In my view, this resignation calls for explanation, and my view of the acquisition deal all along has been that the price is too high. Teva's management and its board thought that it was vital even at an inflated price, but look where it has led Teva. From a deal that was supposed to consolidate Teva's position as an independent company, it is liable to turn into a deal that endangers its future.
In the current price environment, and even in that which prevailed at the time the deal was finally approved, Teva would not agree to pay $38 billion for Actavis, especially when most of the consideration is in cash (some $34 billion). The price would not be more than $20-25 billion. The insistence of Teva's management and board on going ahead with the deal at its original value was absurd: Teva bought a company larger in value than itself (at least according to the deal price and Teva's market cap on the date the deal closed), but with much lower sales and much less profitable. The result: Teva now has a market cap of $38 billion, exactly the value of the deal to buy Actavis, and exactly the amount of debt created by the inflated deal, most of it long-term.
Fortunately, the financing for the deal took place in a low interest-rate environment, and Teva managed to obtain especially cheap finance, but might the debt put Teva at risk? Certainly it might, especially if the negative sentiment towards drug companies and the erosion of prices of generic drugs continue.
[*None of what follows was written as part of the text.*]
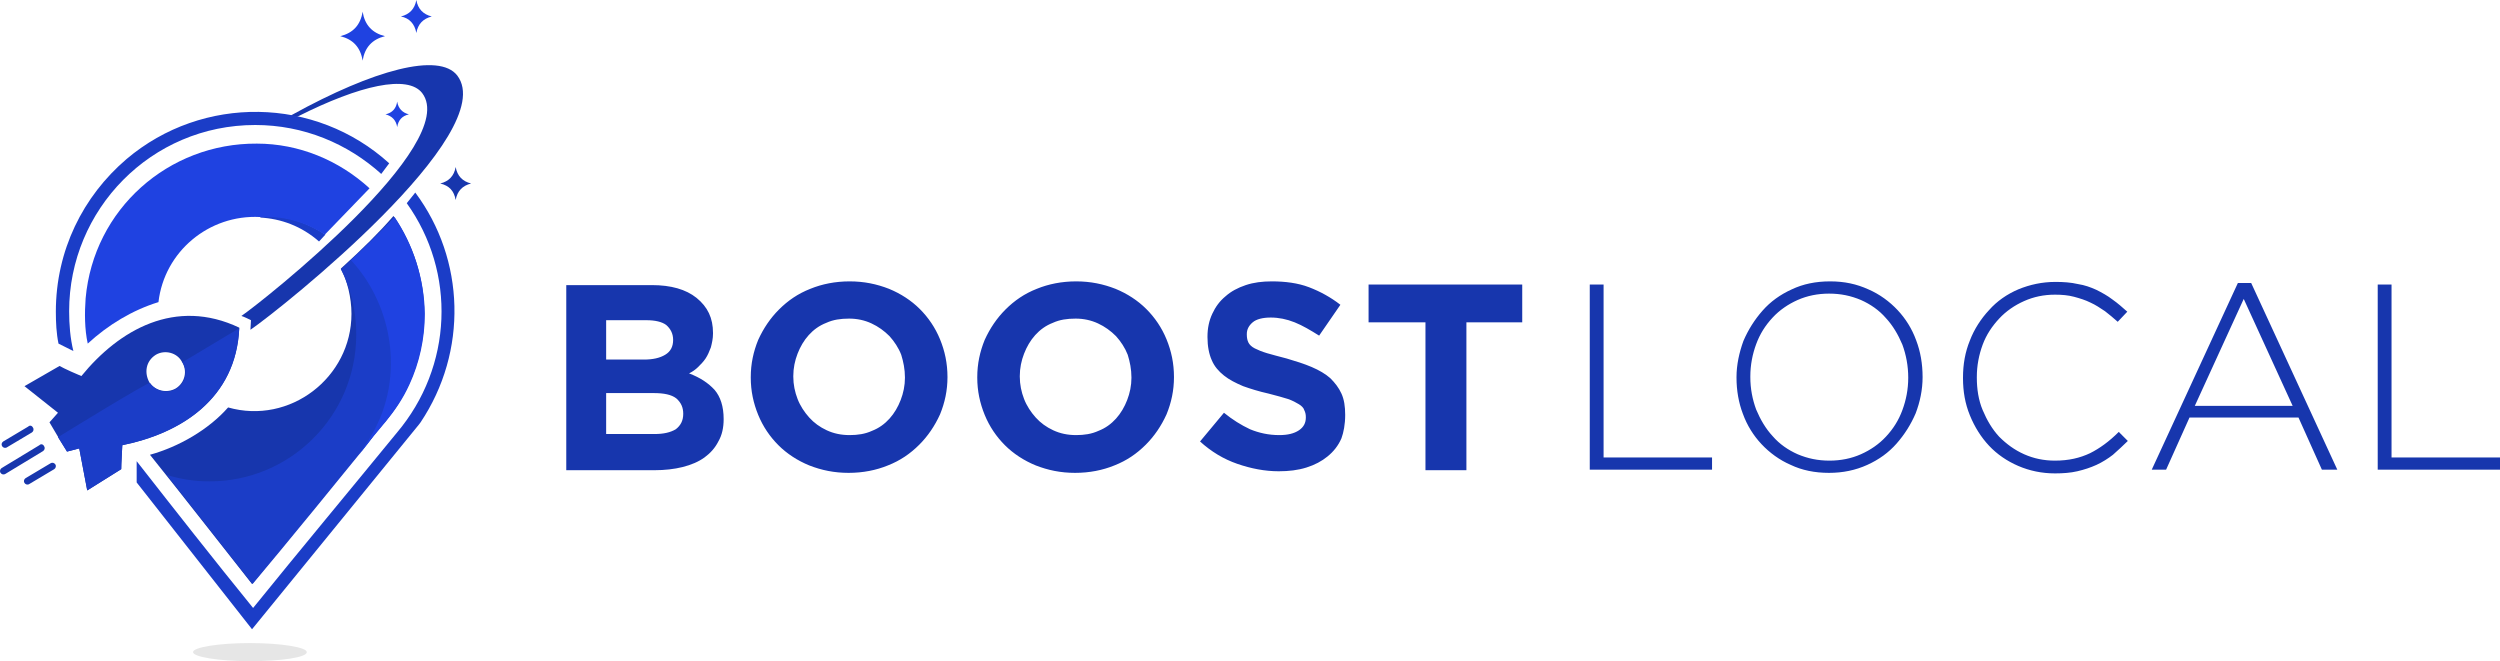 <svg xmlns="http://www.w3.org/2000/svg" width="242" height="64" viewBox="0 0 242 64" fill="none"><path d="M70.049 40.573C70.049 39.337 69.74 38.41 69.174 37.741C68.556 37.072 67.784 36.557 66.703 36.145C67.012 35.99 67.321 35.784 67.578 35.527C67.836 35.27 68.093 35.012 68.299 34.703C68.505 34.394 68.659 34.034 68.814 33.622C68.916 33.21 69.019 32.798 69.019 32.283V32.232C69.019 30.79 68.505 29.709 67.424 28.833C66.395 28.01 64.954 27.598 63.101 27.598H54.815V45.516H63.358C64.336 45.516 65.262 45.413 66.086 45.207C66.909 45.001 67.63 44.692 68.196 44.28C68.762 43.868 69.225 43.353 69.534 42.735C69.894 42.117 70.049 41.397 70.049 40.573ZM65.159 32.901C65.159 33.57 64.902 34.034 64.387 34.343C63.873 34.652 63.204 34.806 62.329 34.806H58.675V30.996H62.586C63.41 30.996 64.079 31.15 64.49 31.459C64.902 31.82 65.159 32.283 65.159 32.901ZM66.137 40.058C66.137 40.727 65.88 41.191 65.417 41.551C64.902 41.86 64.233 42.014 63.358 42.014H58.675V38.05H63.255C64.284 38.05 65.005 38.204 65.468 38.565C65.931 38.977 66.137 39.44 66.137 40.058ZM91.716 36.505C91.716 35.166 91.459 33.982 90.996 32.849C90.533 31.717 89.864 30.738 89.04 29.915C88.217 29.091 87.187 28.422 86.055 27.958C84.871 27.495 83.636 27.237 82.246 27.237C80.857 27.237 79.57 27.495 78.438 27.958C77.254 28.422 76.276 29.091 75.401 29.966C74.578 30.79 73.909 31.768 73.394 32.901C72.931 34.034 72.674 35.218 72.674 36.505V36.557C72.674 37.844 72.931 39.028 73.394 40.161C73.857 41.294 74.526 42.272 75.35 43.096C76.173 43.92 77.203 44.589 78.335 45.052C79.519 45.516 80.754 45.773 82.144 45.773C83.533 45.773 84.82 45.516 85.952 45.052C87.136 44.589 88.114 43.92 88.989 43.044C89.812 42.22 90.481 41.242 90.996 40.109C91.459 38.977 91.716 37.792 91.716 36.505ZM87.599 36.557C87.599 37.329 87.445 38.05 87.187 38.719C86.93 39.389 86.57 40.006 86.106 40.521C85.643 41.036 85.077 41.448 84.408 41.706C83.739 42.014 83.019 42.117 82.246 42.117C81.423 42.117 80.702 41.963 80.033 41.654C79.364 41.345 78.798 40.933 78.335 40.418C77.872 39.904 77.46 39.286 77.203 38.616C76.945 37.947 76.791 37.226 76.791 36.454V36.402C76.791 35.63 76.945 34.909 77.203 34.24C77.46 33.57 77.82 32.953 78.284 32.438C78.747 31.923 79.313 31.511 79.982 31.253C80.651 30.945 81.371 30.841 82.195 30.841C82.967 30.841 83.688 30.996 84.357 31.305C85.026 31.614 85.592 32.026 86.106 32.541C86.57 33.056 86.981 33.673 87.239 34.343C87.445 35.012 87.599 35.733 87.599 36.557ZM113.641 36.505C113.641 35.166 113.384 33.982 112.921 32.849C112.458 31.717 111.788 30.738 110.965 29.915C110.142 29.091 109.112 28.422 107.98 27.958C106.796 27.495 105.561 27.237 104.171 27.237C102.782 27.237 101.495 27.495 100.363 27.958C99.179 28.422 98.201 29.091 97.326 29.966C96.503 30.79 95.834 31.768 95.319 32.901C94.856 34.034 94.599 35.218 94.599 36.505V36.557C94.599 37.844 94.856 39.028 95.319 40.161C95.782 41.294 96.451 42.272 97.275 43.096C98.098 43.92 99.128 44.589 100.26 45.052C101.444 45.516 102.679 45.773 104.068 45.773C105.458 45.773 106.745 45.516 107.877 45.052C109.061 44.589 110.039 43.92 110.914 43.044C111.737 42.22 112.406 41.242 112.921 40.109C113.384 38.977 113.641 37.792 113.641 36.505ZM109.524 36.557C109.524 37.329 109.37 38.05 109.112 38.719C108.855 39.389 108.495 40.006 108.031 40.521C107.568 41.036 107.002 41.448 106.333 41.706C105.664 42.014 104.943 42.117 104.171 42.117C103.348 42.117 102.627 41.963 101.958 41.654C101.289 41.345 100.723 40.933 100.26 40.418C99.797 39.904 99.385 39.286 99.128 38.616C98.87 37.947 98.716 37.226 98.716 36.454V36.402C98.716 35.63 98.87 34.909 99.128 34.24C99.385 33.57 99.745 32.953 100.208 32.438C100.672 31.923 101.238 31.511 101.907 31.253C102.576 30.945 103.296 30.841 104.12 30.841C104.892 30.841 105.612 30.996 106.282 31.305C106.951 31.614 107.517 32.026 108.031 32.541C108.495 33.056 108.906 33.673 109.164 34.343C109.37 35.012 109.524 35.733 109.524 36.557ZM130.214 40.161C130.214 39.337 130.111 38.668 129.853 38.101C129.596 37.535 129.236 37.072 128.773 36.608C128.309 36.196 127.692 35.836 126.971 35.527C126.251 35.218 125.427 34.961 124.552 34.703C123.78 34.497 123.163 34.343 122.648 34.188C122.133 34.034 121.773 33.879 121.464 33.725C121.155 33.57 120.95 33.364 120.847 33.158C120.744 32.953 120.692 32.695 120.692 32.386V32.335C120.692 31.871 120.898 31.511 121.258 31.202C121.619 30.893 122.236 30.738 123.008 30.738C123.78 30.738 124.552 30.893 125.324 31.202C126.096 31.511 126.868 31.974 127.692 32.489L129.75 29.503C128.824 28.782 127.795 28.216 126.714 27.804C125.633 27.392 124.398 27.237 123.111 27.237C122.185 27.237 121.361 27.34 120.589 27.598C119.817 27.855 119.148 28.216 118.634 28.679C118.067 29.142 117.656 29.709 117.347 30.378C117.038 31.047 116.884 31.768 116.884 32.592V32.644C116.884 33.519 117.038 34.291 117.295 34.858C117.553 35.475 117.965 35.939 118.479 36.351C118.994 36.763 119.611 37.072 120.332 37.38C121.053 37.638 121.876 37.895 122.802 38.101C123.574 38.307 124.192 38.462 124.655 38.616C125.118 38.771 125.479 38.977 125.736 39.131C125.993 39.286 126.199 39.492 126.251 39.697C126.354 39.904 126.405 40.109 126.405 40.367V40.418C126.405 40.933 126.199 41.345 125.736 41.654C125.273 41.963 124.655 42.117 123.832 42.117C122.802 42.117 121.876 41.911 121.001 41.551C120.126 41.139 119.303 40.624 118.479 39.955L116.163 42.735C117.244 43.714 118.428 44.434 119.766 44.898C121.104 45.361 122.442 45.619 123.78 45.619C124.758 45.619 125.633 45.516 126.457 45.258C127.28 45.001 127.949 44.64 128.515 44.177C129.081 43.714 129.545 43.147 129.853 42.426C130.059 41.86 130.214 41.088 130.214 40.161ZM147.352 31.202V27.546H132.478V31.202H137.985V45.516H141.948V31.202H147.352Z" fill="#1736AD"></path><path d="M165.726 45.464V44.28H155.227V27.546H153.889V45.464H165.726ZM186.107 36.505C186.107 35.218 185.901 34.034 185.489 32.953C185.078 31.82 184.46 30.841 183.688 30.018C182.916 29.194 181.938 28.473 180.857 28.01C179.725 27.495 178.541 27.237 177.152 27.237C175.762 27.237 174.527 27.495 173.446 28.01C172.314 28.524 171.387 29.194 170.615 30.069C169.843 30.945 169.226 31.923 168.763 33.004C168.351 34.137 168.094 35.321 168.094 36.505V36.557C168.094 37.792 168.299 38.977 168.711 40.058C169.123 41.191 169.74 42.169 170.513 42.993C171.285 43.817 172.262 44.537 173.343 45.001C174.424 45.516 175.659 45.773 177.049 45.773C178.387 45.773 179.622 45.516 180.754 45.001C181.887 44.486 182.813 43.817 183.585 42.941C184.357 42.066 184.975 41.088 185.438 40.006C185.85 38.925 186.107 37.741 186.107 36.505ZM184.717 36.557C184.717 37.69 184.512 38.719 184.151 39.697C183.791 40.676 183.276 41.5 182.556 42.272C181.887 42.993 181.063 43.559 180.137 43.971C179.21 44.383 178.181 44.589 177.1 44.589C175.968 44.589 174.99 44.383 174.012 43.971C173.086 43.559 172.262 42.993 171.593 42.22C170.924 41.5 170.41 40.624 169.998 39.646C169.638 38.668 169.432 37.638 169.432 36.505V36.454C169.432 35.321 169.638 34.291 169.998 33.313C170.358 32.335 170.873 31.511 171.593 30.738C172.262 30.018 173.086 29.451 174.012 29.039C174.939 28.628 175.968 28.422 177.049 28.422C178.181 28.422 179.159 28.628 180.137 29.039C181.063 29.451 181.887 30.018 182.556 30.79C183.225 31.511 183.74 32.386 184.151 33.364C184.512 34.343 184.717 35.424 184.717 36.557ZM205.973 42.684L205.098 41.809C204.172 42.735 203.245 43.405 202.319 43.868C201.341 44.331 200.26 44.589 198.922 44.589C197.841 44.589 196.864 44.383 195.937 43.971C195.011 43.559 194.239 42.993 193.518 42.272C192.849 41.551 192.334 40.676 191.923 39.697C191.511 38.719 191.357 37.638 191.357 36.557V36.505C191.357 35.373 191.562 34.343 191.923 33.364C192.283 32.386 192.849 31.562 193.518 30.841C194.187 30.121 195.011 29.554 195.937 29.142C196.864 28.73 197.841 28.524 198.922 28.524C199.591 28.524 200.209 28.576 200.775 28.73C201.341 28.885 201.856 29.039 202.371 29.297C202.834 29.503 203.297 29.812 203.76 30.121C204.172 30.43 204.584 30.79 204.995 31.15L205.922 30.172C205.459 29.76 204.995 29.348 204.481 28.988C204.017 28.628 203.451 28.319 202.937 28.061C202.371 27.804 201.804 27.598 201.135 27.495C200.466 27.34 199.746 27.289 198.974 27.289C197.687 27.289 196.503 27.546 195.371 28.01C194.29 28.473 193.312 29.142 192.54 30.018C191.768 30.841 191.099 31.871 190.688 32.953C190.224 34.085 190.018 35.27 190.018 36.557V36.608C190.018 37.895 190.224 39.08 190.688 40.212C191.151 41.345 191.768 42.323 192.54 43.147C193.312 43.971 194.29 44.64 195.371 45.104C196.452 45.567 197.636 45.825 198.922 45.825C199.694 45.825 200.415 45.773 201.084 45.619C201.753 45.464 202.371 45.258 202.937 45.001C203.503 44.743 204.069 44.383 204.532 44.023C205.047 43.559 205.51 43.147 205.973 42.684ZM226.251 45.464L217.914 27.392H216.627L208.289 45.464H209.679L211.943 40.418H222.494L224.759 45.464H226.251ZM221.928 39.286H212.458L217.193 28.936L221.928 39.286ZM242 45.464V44.28H231.501V27.546H230.163V45.464H242Z" fill="#1736AD"></path><path fill-rule="evenodd" clip-rule="evenodd" d="M24.192 62.249C27.228 62.249 29.698 62.661 29.698 63.125C29.698 63.64 27.228 64 24.192 64C21.155 64 18.685 63.588 18.685 63.125C18.685 62.661 21.155 62.249 24.192 62.249Z" fill="#E6E6E6"></path><path fill-rule="evenodd" clip-rule="evenodd" d="M35.102 5.87C35.308 4.583 36.029 3.81 37.264 3.501C36.029 3.192 35.308 2.42 35.102 1.133C34.897 2.42 34.176 3.192 32.941 3.501C34.176 3.81 34.897 4.583 35.102 5.87Z" fill="#1F42E1"></path><path fill-rule="evenodd" clip-rule="evenodd" d="M40.301 3.192C40.455 2.317 40.97 1.802 41.793 1.596C40.97 1.39 40.455 0.875 40.301 0C40.146 0.875 39.632 1.39 38.808 1.596C39.632 1.751 40.146 2.317 40.301 3.192Z" fill="#1F42E1"></path><path fill-rule="evenodd" clip-rule="evenodd" d="M44.109 19.36C44.264 18.484 44.778 17.969 45.602 17.763C44.778 17.557 44.264 17.043 44.109 16.167C43.955 17.043 43.44 17.557 42.617 17.763C43.492 17.969 43.955 18.484 44.109 19.36Z" fill="#1736AD"></path><path fill-rule="evenodd" clip-rule="evenodd" d="M38.448 12.306C38.551 11.636 38.912 11.224 39.581 11.07C38.963 10.915 38.551 10.504 38.448 9.834C38.345 10.504 37.985 10.915 37.316 11.07C37.934 11.224 38.345 11.636 38.448 12.306Z" fill="#1F42E1"></path><path fill-rule="evenodd" clip-rule="evenodd" d="M5.355 44.95C5.458 45.104 5.406 45.31 5.252 45.413L2.833 46.855C2.678 46.958 2.473 46.906 2.37 46.752C2.267 46.597 2.318 46.391 2.473 46.288L4.891 44.847C5.046 44.744 5.252 44.795 5.355 44.95ZM15.082 34.343C15.957 33.828 17.141 34.137 17.604 35.012C18.17 35.888 17.913 37.02 17.038 37.587C16.163 38.102 15.03 37.844 14.464 37.02C13.95 36.094 14.104 34.961 15.082 34.343ZM23.162 31.717C16.986 28.782 11.531 31.923 7.877 36.403C6.281 35.733 5.766 35.424 5.766 35.424L2.37 37.381L5.612 39.955L4.789 40.882C5.355 41.86 5.921 42.787 6.487 43.714L7.671 43.405L8.443 47.473L11.736 45.413C11.736 45.413 11.736 44.795 11.839 43.096C17.552 41.912 22.853 38.565 23.162 31.717ZM3.193 41.397C3.296 41.551 3.244 41.757 3.09 41.86L0.671 43.302C0.517 43.405 0.311 43.353 0.208 43.199C0.105 43.045 0.156 42.839 0.311 42.736L2.73 41.294C2.884 41.139 3.09 41.191 3.193 41.397ZM4.274 43.199C4.377 43.353 4.325 43.559 4.171 43.663L0.517 45.877C0.362 45.979 0.156 45.928 0.054 45.773C-0.049 45.619 0.002 45.413 0.156 45.31L3.811 43.096C3.965 42.942 4.171 42.993 4.274 43.199Z" fill="#1736AD"></path><path fill-rule="evenodd" clip-rule="evenodd" d="M17.655 35.064C18.221 35.939 17.964 37.072 17.089 37.638C16.214 38.153 15.082 37.895 14.516 37.072C14.413 36.917 6.435 41.809 5.612 42.323C5.921 42.787 6.178 43.25 6.487 43.714L7.671 43.405L8.443 47.472L11.736 45.413C11.736 45.413 11.736 44.795 11.839 43.096C17.501 41.963 22.853 38.616 23.162 31.768L17.655 35.064Z" fill="#1B3DC7"></path><path fill-rule="evenodd" clip-rule="evenodd" d="M44.264 7.311C42.514 5.046 36.183 6.745 28.257 11.121C28.206 11.121 28.154 11.173 28.103 11.173C28.309 11.225 28.515 11.276 28.721 11.328L28.823 11.276C34.845 8.238 39.477 7.208 40.867 9.01C44.624 13.953 25.478 29.142 23.368 30.584C23.677 30.687 23.985 30.842 24.294 30.996C24.294 31.305 24.243 31.614 24.243 31.923C27.331 29.812 48.484 12.872 44.264 7.311Z" fill="#1736AD"></path><path fill-rule="evenodd" clip-rule="evenodd" d="M34.022 30.378C34.022 36.556 28.052 41.139 22.081 39.44C20.177 41.602 17.295 43.25 14.516 44.022C17.861 48.193 21.104 52.364 24.398 56.534L37.058 41.087C37.985 40.058 38.757 38.873 39.374 37.638C40.455 35.475 41.073 33.004 41.073 30.378C41.073 26.877 39.941 23.581 38.088 20.904C36.801 22.397 35.103 24.096 32.992 26.001C33.61 27.134 34.022 28.833 34.022 30.378Z" fill="#1736AD"></path><path fill-rule="evenodd" clip-rule="evenodd" d="M33.147 25.95C33.095 26.002 33.044 26.053 32.992 26.053C33.198 26.465 33.404 26.877 33.559 27.34C34.176 28.885 34.485 30.636 34.485 32.386C34.485 40.264 28.103 46.597 20.28 46.597C18.839 46.597 17.501 46.391 16.163 45.979C21.67 52.982 24.449 56.534 24.449 56.534C24.449 56.534 28.052 52.261 35.154 43.508C39.683 38.102 40.815 29.245 34.022 25.127C33.713 25.435 33.404 25.693 33.147 25.95Z" fill="#1B3DC7"></path><path fill-rule="evenodd" clip-rule="evenodd" d="M31.5 22.706C29.698 21.471 27.537 20.853 25.324 20.853C25.272 20.904 25.221 21.059 25.169 21.059C27.177 21.162 29.184 21.883 30.882 23.376L31.5 22.706Z" fill="#1B3DC7"></path><path fill-rule="evenodd" clip-rule="evenodd" d="M33.97 25.178C38.139 29.657 39.323 37.02 35.617 42.684C35.463 42.941 35 43.662 34.794 43.971C36.544 41.551 38.345 40.058 39.632 37.226C40.61 35.115 41.124 32.746 41.124 30.378C41.073 26.98 39.992 23.684 38.191 21.007C36.801 22.449 35.411 23.839 33.97 25.178ZM15.339 29.245C15.905 24.354 20.229 20.75 25.169 21.007C27.331 20.904 29.338 21.419 31.191 22.552C31.294 22.603 31.346 22.655 31.448 22.706L35.772 18.227C32.787 15.498 28.927 13.902 24.861 13.902C16.317 13.85 9.06 20.235 8.288 28.885C8.185 30.275 8.185 31.871 8.494 33.261C10.45 31.459 12.818 30.018 15.339 29.245Z" fill="#1F42E1"></path><path fill-rule="evenodd" clip-rule="evenodd" d="M13.229 44.641C13.229 45.31 13.229 45.979 13.229 46.7L24.397 60.911L40.558 41.088L40.712 40.882C45.293 34.034 45.035 25.126 40.198 18.639C39.94 18.948 39.683 19.308 39.374 19.669C44.161 26.362 43.852 35.476 38.396 41.912C33.764 47.575 29.081 53.188 24.5 58.851C20.692 54.166 16.935 49.377 13.229 44.641ZM6.487 33.673L7.104 33.982C6.796 32.747 6.693 31.408 6.693 30.121C6.693 20.287 14.619 12.1 24.706 12.1C29.39 12.1 33.661 13.902 36.904 16.837C37.161 16.476 37.418 16.167 37.676 15.807C30.522 9.319 19.611 9.165 12.251 15.395C8.031 18.999 5.406 24.251 5.406 30.172C5.406 31.202 5.457 32.283 5.663 33.262L6.487 33.673Z" fill="#1B3DC7"></path></svg>

It seems to me, given the history of Teva and of similar corporations, that the standing of CEO Erez Vigodman has become very shaky. That is quite natural: unless the share price, which has plunged by more than 50% from its peak, recovers, and unless Teva manages to realize the potential that it promised the deal held, and if any risk whatsoever arises to repayment of the massive debt, the shareholders will start to press, and Vigodman will be liable to pay the price.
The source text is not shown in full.